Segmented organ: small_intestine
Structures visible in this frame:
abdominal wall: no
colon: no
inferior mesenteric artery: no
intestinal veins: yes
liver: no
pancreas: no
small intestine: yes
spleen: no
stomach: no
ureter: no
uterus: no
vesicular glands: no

────────────────────────────────────────

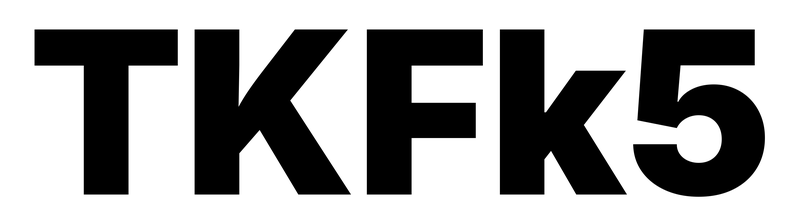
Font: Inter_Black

────────────────────────────────────────

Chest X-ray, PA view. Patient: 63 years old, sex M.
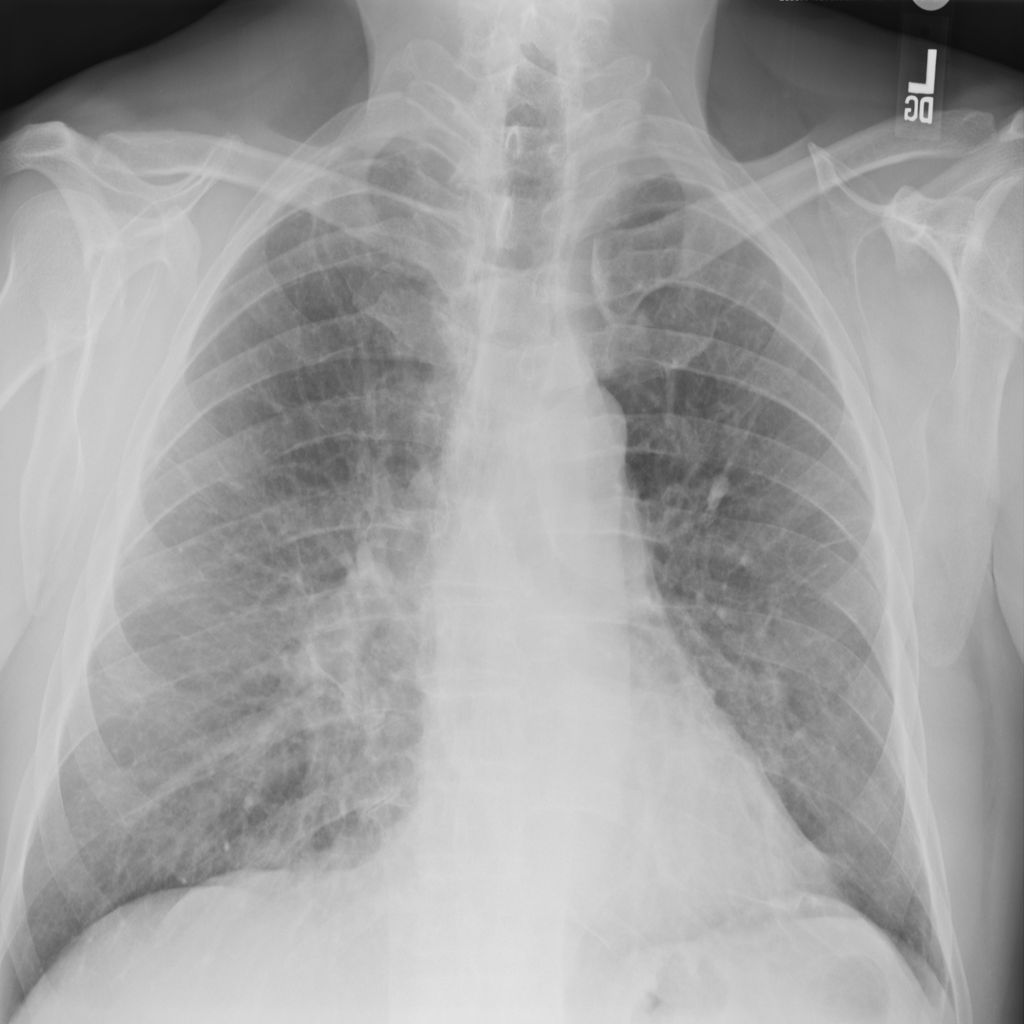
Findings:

────────────────────────────────────────

■ **BRIEF**:
Considering only the material above, set down every line from the one with "Segmented organ: small_intestine" to the one with "vesicular glands: no", inclusive, exactly as written.

■ **SOLUTION TO THIS EXERCISE**:
Segmented organ: small_intestine
Structures visible in this frame:
abdominal wall: no
colon: no
inferior mesenteric artery: no
intestinal veins: yes
liver: no
pancreas: no
small intestine: yes
spleen: no
stomach: no
ureter: no
uterus: no
vesicular glands: no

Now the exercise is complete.